Member of the Minnesota House of Representatives from the 15A district
- In office January 3, 2007 – January 7, 2013
- Preceded by: Jim Knoblach
- Succeeded by: district redrawn

Personal details
- Born: October 16, 1961 (age 64) Minneapolis, Minnesota
- Party: Republican Party of Minnesota
- Spouse: Paula
- Children: 5
- Alma mater: College of St. Thomas
- Profession: Insurance broker, legislator

= Steve Gottwalt =

American politician

Steven M. "Steve" Gottwalt (born October 16, 1961) is a Minnesota politician and former member of the Minnesota House of Representatives. A member of the Republican Party of Minnesota, he represented District 15A, which included portions of Stearns County in the west central part of the state. He is also an insurance salesman and the owner of Steve Gottwalt Consulting.

==Education and professional background==
Gottwalt graduated from St. John's Preparatory School in Collegeville, then went on to the College of St. Thomas in Saint Paul, earning his B.A. in Journalism and English in 1984. He participated in the United States Air Force Reserve Officers Training Corps (ROTC, not to be confused with military service) from 1983-1985. He worked as a radio broadcaster for KSJR-FM and WJON, and later as a network contract manager for Medica Health Plans (1995–1996), as director of network contracting for United HealthCare's seniors program EverCare (1996–1997), as director of communications for the Diocese of St. Cloud (1997–2006,) and as director of communications and consumer affairs for regional grocer Coborn's Inc. (2006-2011). In 2011, Gottwalt launched his own business, Steve Gottwalt Consulting LLC, providing communications, PR and benefits consulting services.

==Community service and leadership==
Gottwalt has been a member of the St. Cloud, Minnesota, Chamber of Commerce, the St. Cloud Area Economic Development Partnership, the St. Cloud Regional Airport Board, and the Central Minnesota Transportation Alliance. He was chair of the St. Cloud Area Human Services Council from 1992–1995, a board member of the St. Cloud Area Planning Organization from 1997–1999, a board member of the Great River Regional Library from 1999–2001, and a member of the St. Cloud mayor's Government Reform and Efficiency Task Force from 1999–2001. He was a member of the St. Cloud City Council from 1997–2006, also serving as the council's vice president during that time.
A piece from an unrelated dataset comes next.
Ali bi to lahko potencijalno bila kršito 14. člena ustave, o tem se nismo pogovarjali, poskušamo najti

Gottwalt has also served as spokesman and communications director for the Roman Catholic Diocese of Saint Cloud.

==Minnesota House of Representatives==
Gottwalt was first elected in 2006, and was re-elected in 2008, 2010. In 2012, he was re-elected to the newly drawn District 14A seat but resigned before the beginning of the new legislative session. He is a former chair of the House Health and Human Services Reform Committee, and also served on the Health and Human Services Finance, Taxes, and Ways & Means committees. During his tenure, Gottwalt sponsored an amendment to the Minnesota Constitution that would have banned same-sex marriage. Voters rejected the amendment in 2012.
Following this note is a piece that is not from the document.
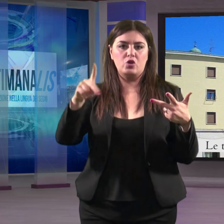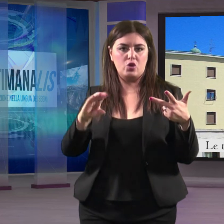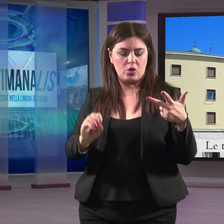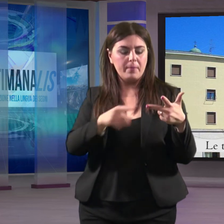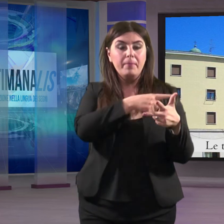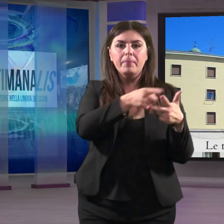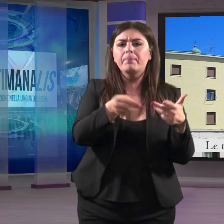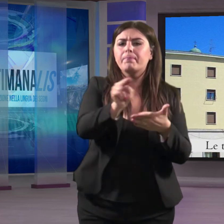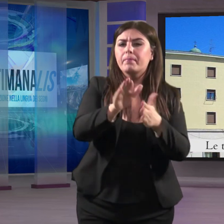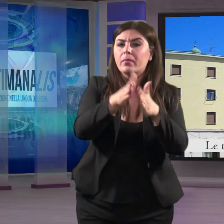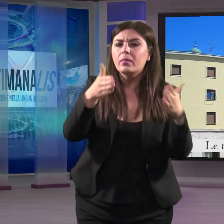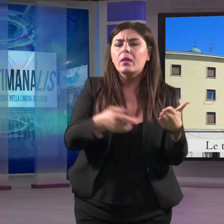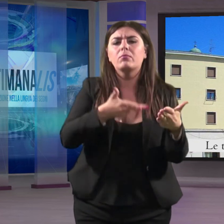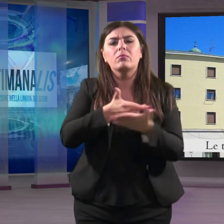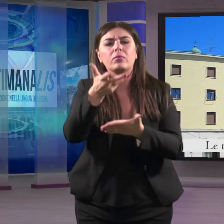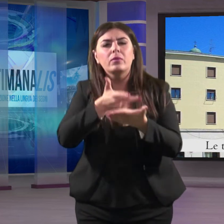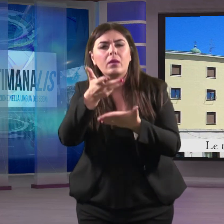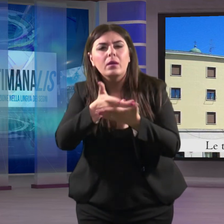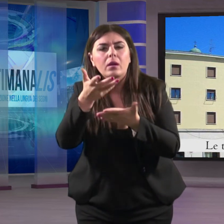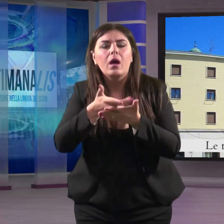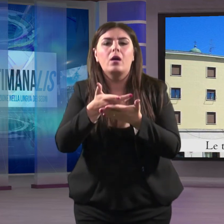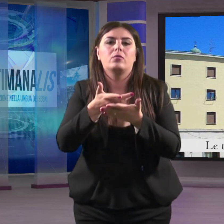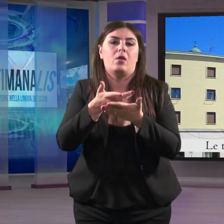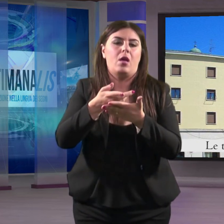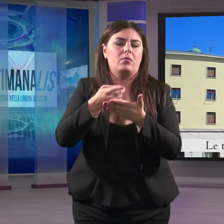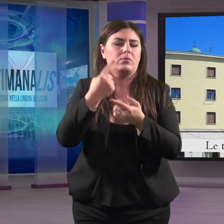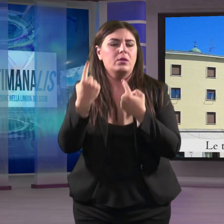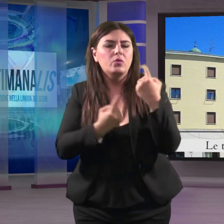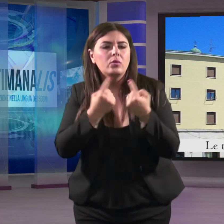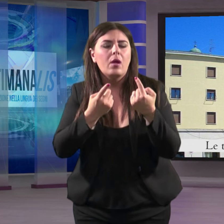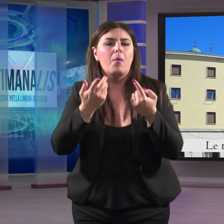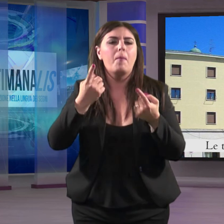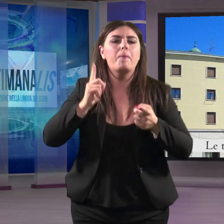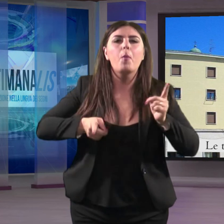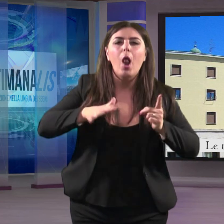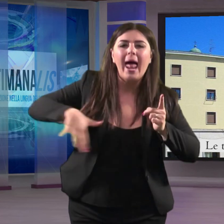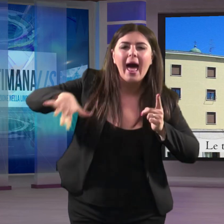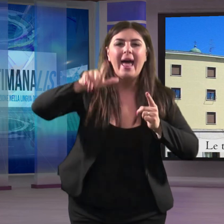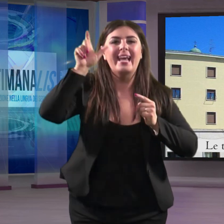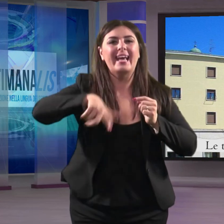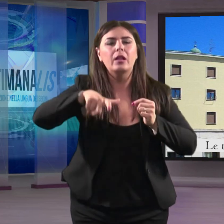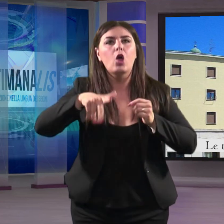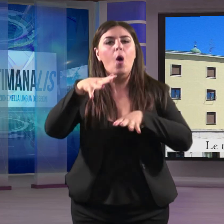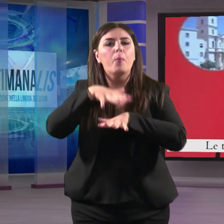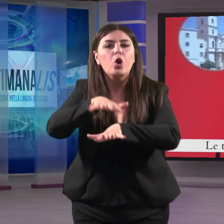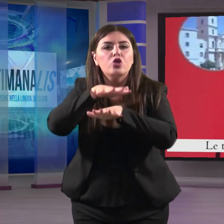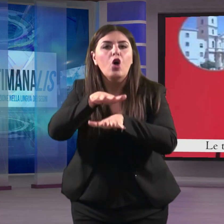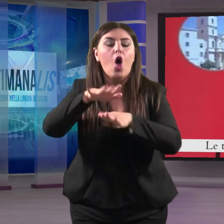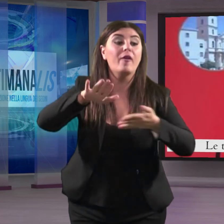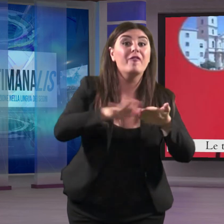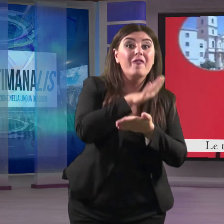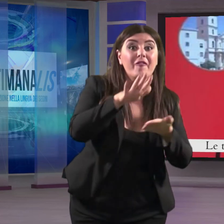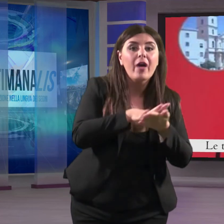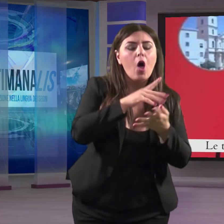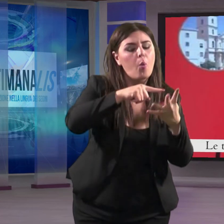spaccato della devozione popolare dei catanzaresi, che parla di pietà popolare, di processioni, delle feste,

On January 3, 2013, Gottwalt announced his intention to vacate his seat before the end of the month to join the Center for Diagnostic Imaging as its director of state legislative policy. He vacated his seat on January 7, 2013.

==Political controversies==

===Connections to Obamacare===
In 2011, Gottwalt came under fire from some conservatives in his party for supporting elements of Barack Obama's Patient Protection and Affordable Care Act. The conservative Citizens' Council for Health Freedom stated that he was attempting to implement the "command and control" infrastructure of Obamacare. Gottwalt subsequently withdrew the legislation.

===Health insurance conflict of interest===
Gottwalt came under the scrutiny of members of the House Ethics Committee in 2012 when lawmakers from that committee asked whether an arrangement violated ethics rules. The arrangement in question occurred in 2011, when Gottwalt sponsored the Healthy Minnesota Contribution Program, a bill that diverted Minnesotans receiving MinnesotaCare to the private insurance market. The legislation was part of the Republican agenda during the government shutdown and was passed in July of that year. Gottwalt then obtained a license for himself to sell insurance and joined Boys and Tyler, a firm that actively lobbied for the bill. In his Statement of Economic Interests, filed with the Minnesota Campaign Finance Board, Gottwalt failed to disclose his insurance sales business activities. When questioned about the conflict of interest, he defended his relationship to John Tyler, owner of Boys and Tyler, saying "The fact that I'm involved in that doesn't mean we were sneakily trying to come up with something to benefit ourselves. It's actually the other way around because we worked together."